■ **TO DO**: Would you write out the lines below exactly, from the one containing "Modality: MD" to the very last, but without the pictures?

(GIVEN ENTRIES Opens)

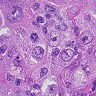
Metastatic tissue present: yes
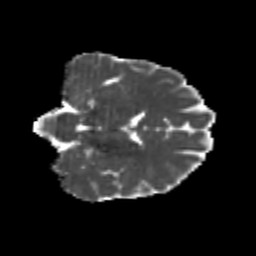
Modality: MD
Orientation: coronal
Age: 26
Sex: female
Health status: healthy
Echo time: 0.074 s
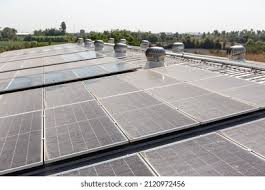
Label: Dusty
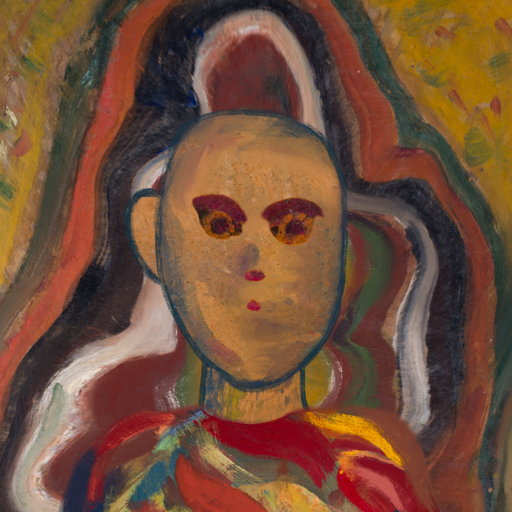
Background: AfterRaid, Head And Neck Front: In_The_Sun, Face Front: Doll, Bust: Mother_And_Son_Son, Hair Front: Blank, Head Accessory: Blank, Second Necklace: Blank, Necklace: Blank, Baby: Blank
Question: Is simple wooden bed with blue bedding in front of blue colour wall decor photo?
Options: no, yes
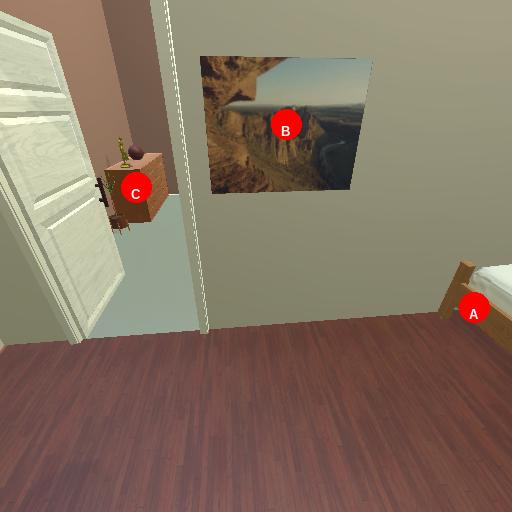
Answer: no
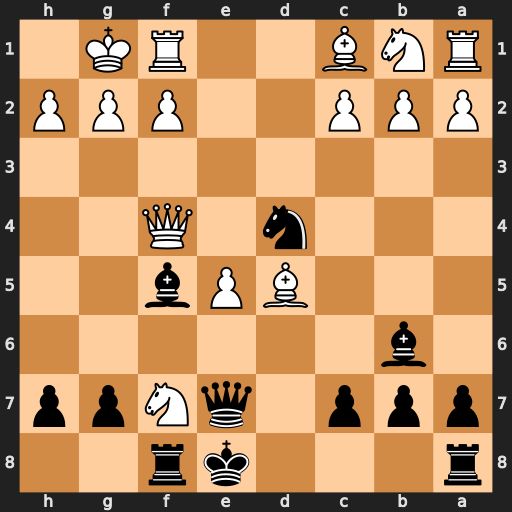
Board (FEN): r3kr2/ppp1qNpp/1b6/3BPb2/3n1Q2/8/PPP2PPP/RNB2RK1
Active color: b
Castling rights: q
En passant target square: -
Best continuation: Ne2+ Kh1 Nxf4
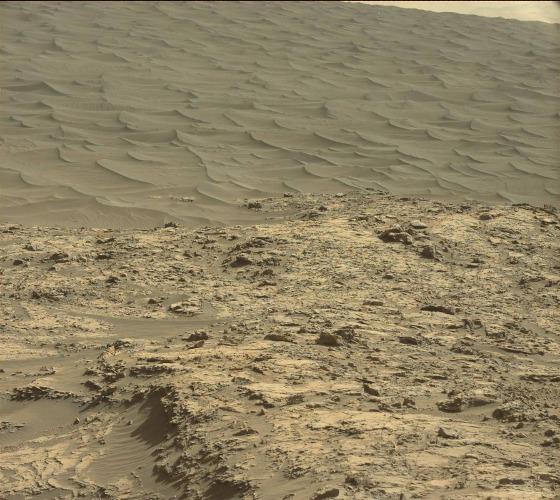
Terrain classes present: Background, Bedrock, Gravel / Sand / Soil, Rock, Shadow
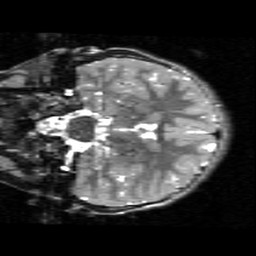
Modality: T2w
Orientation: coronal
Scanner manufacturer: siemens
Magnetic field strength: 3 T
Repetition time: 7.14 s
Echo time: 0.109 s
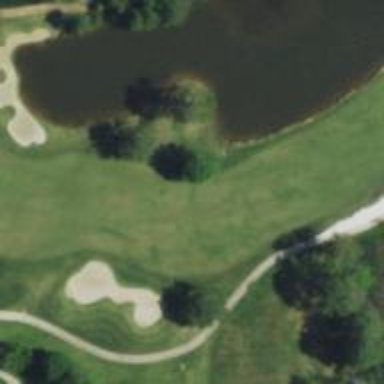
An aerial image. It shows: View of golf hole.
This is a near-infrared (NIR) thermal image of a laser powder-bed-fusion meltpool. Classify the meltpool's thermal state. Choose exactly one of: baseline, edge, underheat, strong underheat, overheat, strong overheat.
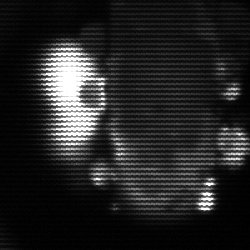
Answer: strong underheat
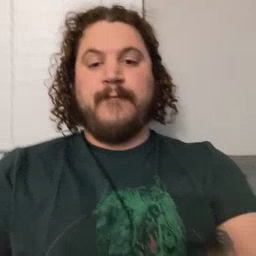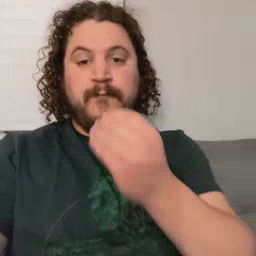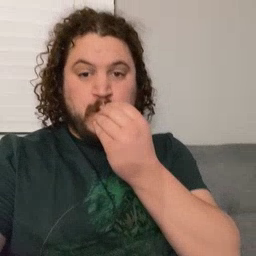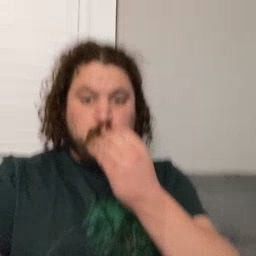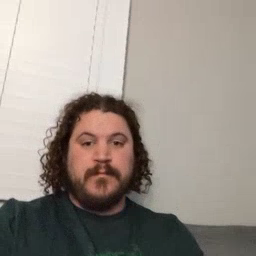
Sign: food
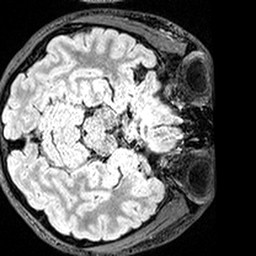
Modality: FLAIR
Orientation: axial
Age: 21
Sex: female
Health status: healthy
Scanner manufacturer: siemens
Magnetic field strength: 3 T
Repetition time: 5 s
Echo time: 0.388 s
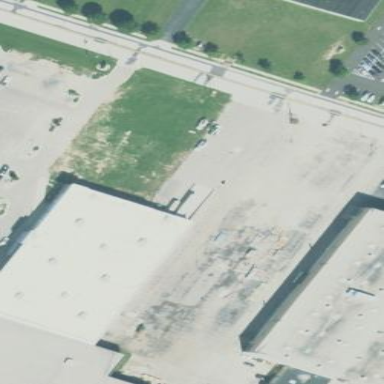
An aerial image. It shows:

(GIVEN ENTRIES Closes)

■ **ANSWER AREA**:
Modality: MD
Orientation: coronal
Age: 26
Sex: female
Health status: healthy
Echo time: 0.074 s
Label: Dusty
Background: AfterRaid, Head And Neck Front: In_The_Sun, Face Front: Doll, Bust: Mother_And_Son_Son, Hair Front: Blank, Head Accessory: Blank, Second Necklace: Blank, Necklace: Blank, Baby: Blank
Question: Is simple wooden bed with blue bedding in front of blue colour wall decor photo?
Options: no, yes
Answer: no
Board (FEN): r3kr2/ppp1qNpp/1b6/3BPb2/3n1Q2/8/PPP2PPP/RNB2RK1
Active color: b
Castling rights: q
En passant target square: -
Best continuation: Ne2+ Kh1 Nxf4
Terrain classes present: Background, Bedrock, Gravel / Sand / Soil, Rock, Shadow
Modality: T2w
Orientation: coronal
Scanner manufacturer: siemens
Magnetic field strength: 3 T
Repetition time: 7.14 s
Echo time: 0.109 s
An aerial image. It shows: View of golf hole.
This is a near-infrared (NIR) thermal image of a laser powder-bed-fusion meltpool. Classify the meltpool's thermal state. Choose exactly one of: baseline, edge, underheat, strong underheat, overheat, strong overheat.
Answer: strong underheat
Sign: food
Modality: FLAIR
Orientation: axial
Age: 21
Sex: female
Health status: healthy
Scanner manufacturer: siemens
Magnetic field strength: 3 T
Repetition time: 5 s
Echo time: 0.388 s
An aerial image. It shows:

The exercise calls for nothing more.